--- START ---

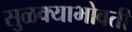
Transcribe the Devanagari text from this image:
सुळक्याभोवती
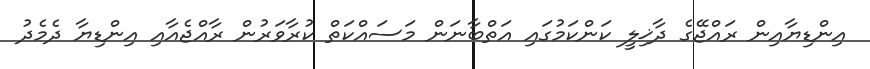
އިންޑިޔާއިން ރައްޖޭގެ ދާޚިލީ ކަންކަމުގައި އަތްބާނަން މަސައްކަތް ކުރާވަރުން ރާއްޖެއާއި އިންޑިޔާ ދެމެދު
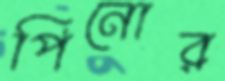
পিনোর
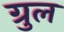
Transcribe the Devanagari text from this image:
ग्रुल
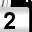
Digit: 2
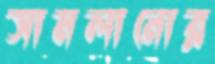
সামলানোর
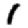
Digit: 1
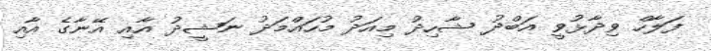
ފަލާހް ވިދާޅުވީ އަބްދު ޝާހިދު މިއަދު މުހައްމަދު ނަޝީދު އާއި އޭނާގެ އާއި
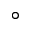
^ \circ
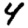
Digit: 4
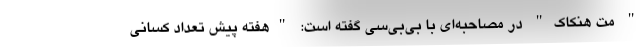
" مت هنکاک" در مصاحبه‌ای با بی‌بی‌سی گفته است: "هفته پیش تعداد کسانی
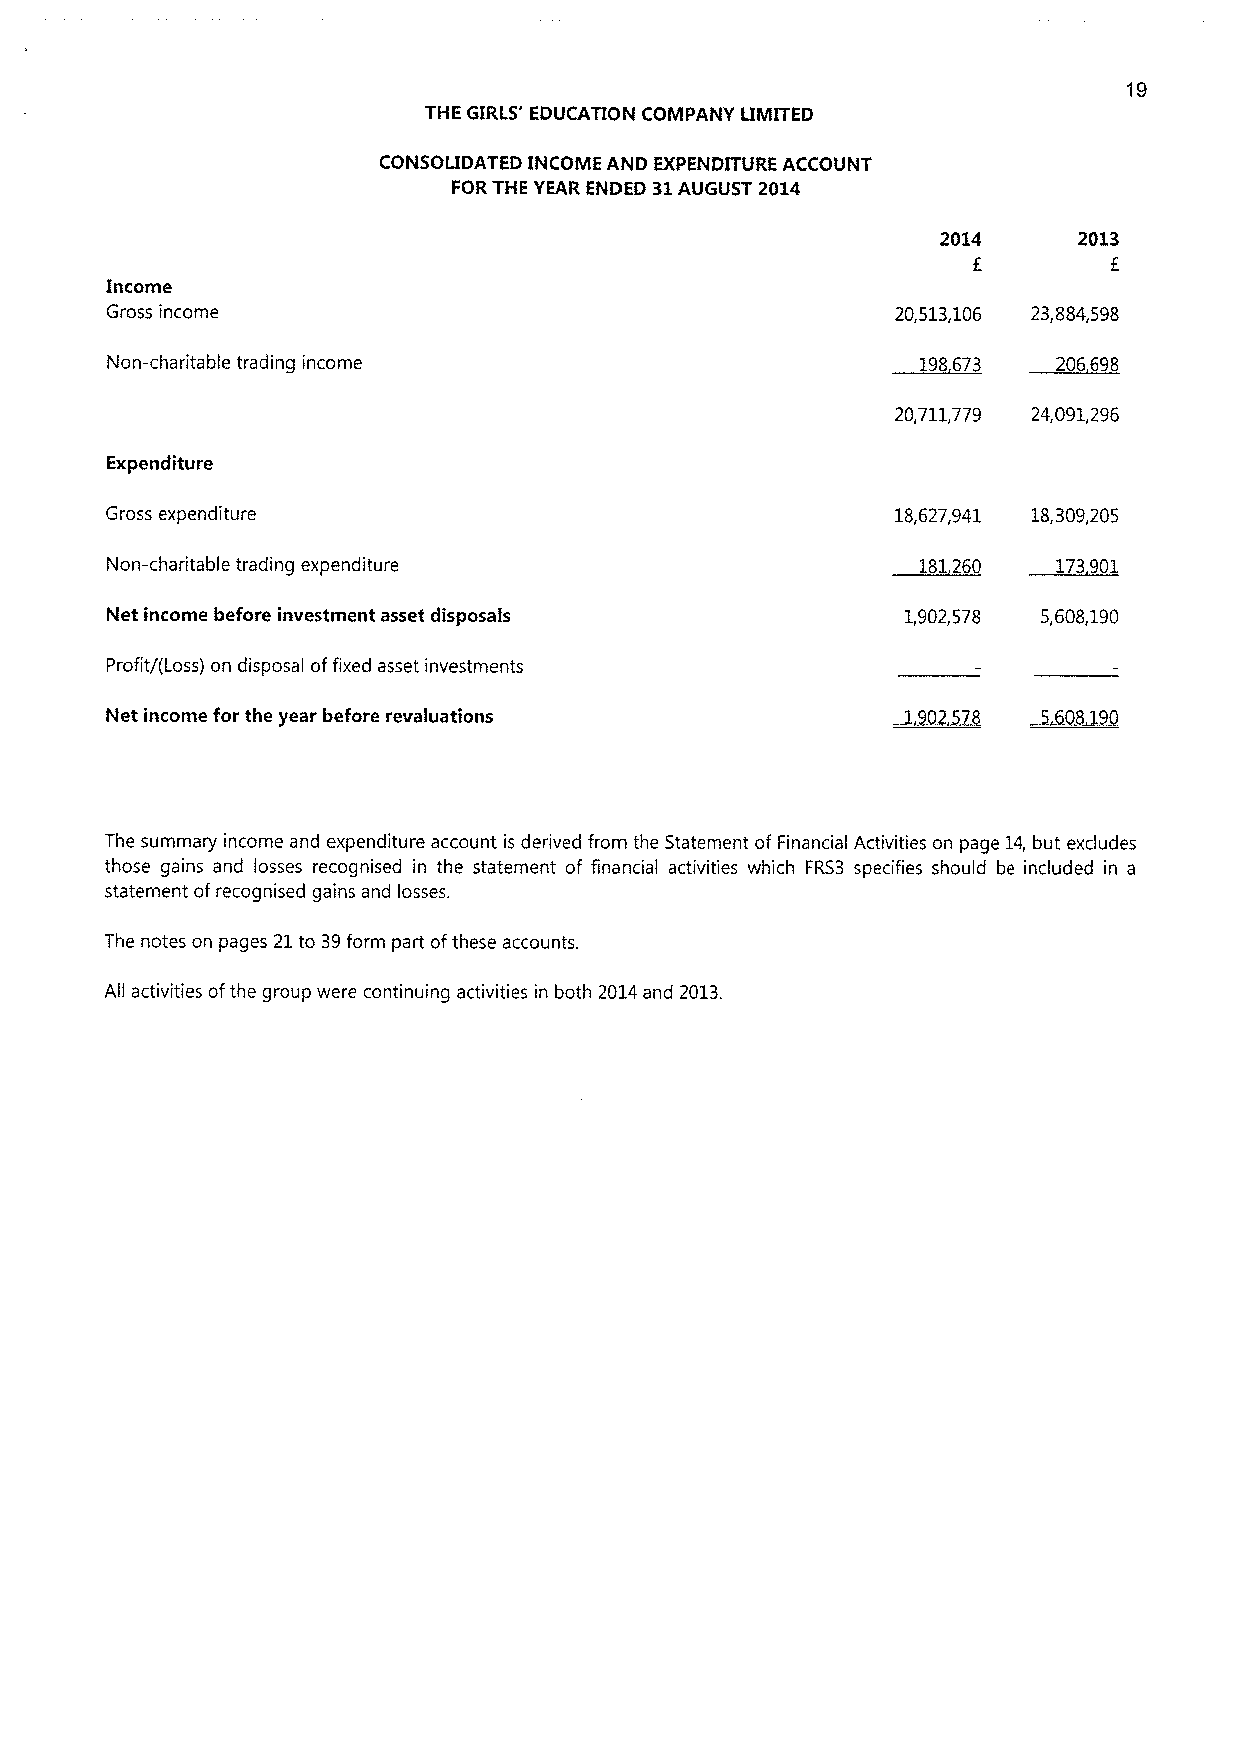
19
 THE GIRLS' EDUCATION COMPANY LIMITED
 CONSOLIDATED INCOME AND EXPENDITURE ACCOUNT
 FORTHE YEAR ENDED 31AUGUST 2014
 2014     2013
 f        f
 Income
 Gross income                                        20,513,106 23,884,598
 Non-charitable trading income                         198673   206698
 20,711,779 24,091,296
 Expenditure
 Gross expenditure                                   18,627,941 18,309,205
 Non-charitable trading expenditure                    181260   173901
 Net income before investment asset disposals         1,902,578 5,608,190
 Profit/(Loss) on disposal offixed asset investments
 Net income for the year before revaluations
 The summary income and expenditure account is derived from the Statement of Financial Activities on page 14, but excludes
 those gains and losses recognised in the statement of financial activities which FRS3 specifies should be included in a
 statement ofrecognised gains and losses.
 The notes on pages 21to 39form part ofthese accounts.
 All activities ofthe group were continuing activities in both 2014and 2013.
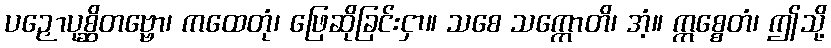
ပဉှောပုစ္ဆိတဗ္ဗော၊ ကထေတုံ၊ ဖြေဆိုခြင်းငှာ။ သစေ သက္ကောတိ၊ အံ့။ ဣစ္စေတံ၊ ဤသို့
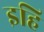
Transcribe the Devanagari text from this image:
इहि
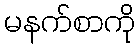
မနက်စာကို
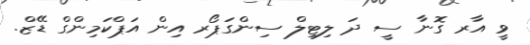
ވީ އާރ ގޮނާ ސީ ދަ ލިޓިލް ސިންގަޕޯރ އިން އަޕްކަމިންގް ޑޭޒް.
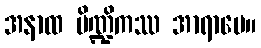
အနာထ ပိဏ္ဍိကဿ အာရာမေ။
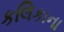
કલિકાના
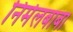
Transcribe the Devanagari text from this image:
निर्मलबाबा

--- END ---

### Work order
Transcribe each entry above exactly, apart from the pictures.

### Your solution
Transcribe the Devanagari text from this image:
सुळक्याभोवती
އިންޑިޔާއިން ރައްޖޭގެ ދާޚިލީ ކަންކަމުގައި އަތްބާނަން މަސައްކަތް ކުރާވަރުން ރާއްޖެއާއި އިންޑިޔާ ދެމެދު
পিনোর
Transcribe the Devanagari text from this image:
ग्रुल
Digit: 2
সামলানোর
Digit: 1
ފަލާހް ވިދާޅުވީ އަބްދު ޝާހިދު މިއަދު މުހައްމަދު ނަޝީދު އާއި އޭނާގެ އާއި
^ \circ
Digit: 4
" مت هنکاک" در مصاحبه‌ای با بی‌بی‌سی گفته است: "هفته پیش تعداد کسانی
19
 THE GIRLS' EDUCATION COMPANY LIMITED
 CONSOLIDATED INCOME AND EXPENDITURE ACCOUNT
 FORTHE YEAR ENDED 31AUGUST 2014
 2014     2013
 f        f
 Income
 Gross income                                        20,513,106 23,884,598
 Non-charitable trading income                         198673   206698
 20,711,779 24,091,296
 Expenditure
 Gross expenditure                                   18,627,941 18,309,205
 Non-charitable trading expenditure                    181260   173901
 Net income before investment asset disposals         1,902,578 5,608,190
 Profit/(Loss) on disposal offixed asset investments
 Net income for the year before revaluations
 The summary income and expenditure account is derived from the Statement of Financial Activities on page 14, but excludes
 those gains and losses recognised in the statement of financial activities which FRS3 specifies should be included in a
 statement ofrecognised gains and losses.
 The notes on pages 21to 39form part ofthese accounts.
 All activities ofthe group were continuing activities in both 2014and 2013.
ပဉှောပုစ္ဆိတဗ္ဗော၊ ကထေတုံ၊ ဖြေဆိုခြင်းငှာ။ သစေ သက္ကောတိ၊ အံ့။ ဣစ္စေတံ၊ ဤသို့
Transcribe the Devanagari text from this image:
इहि
မနက်စာကို
ވީ އާރ ގޮނާ ސީ ދަ ލިޓިލް ސިންގަޕޯރ އިން އަޕްކަމިންގް ޑޭޒް.
အနာထ ပိဏ္ဍိကဿ အာရာမေ။
કલિકાના
Transcribe the Devanagari text from this image:
निर्मलबाबा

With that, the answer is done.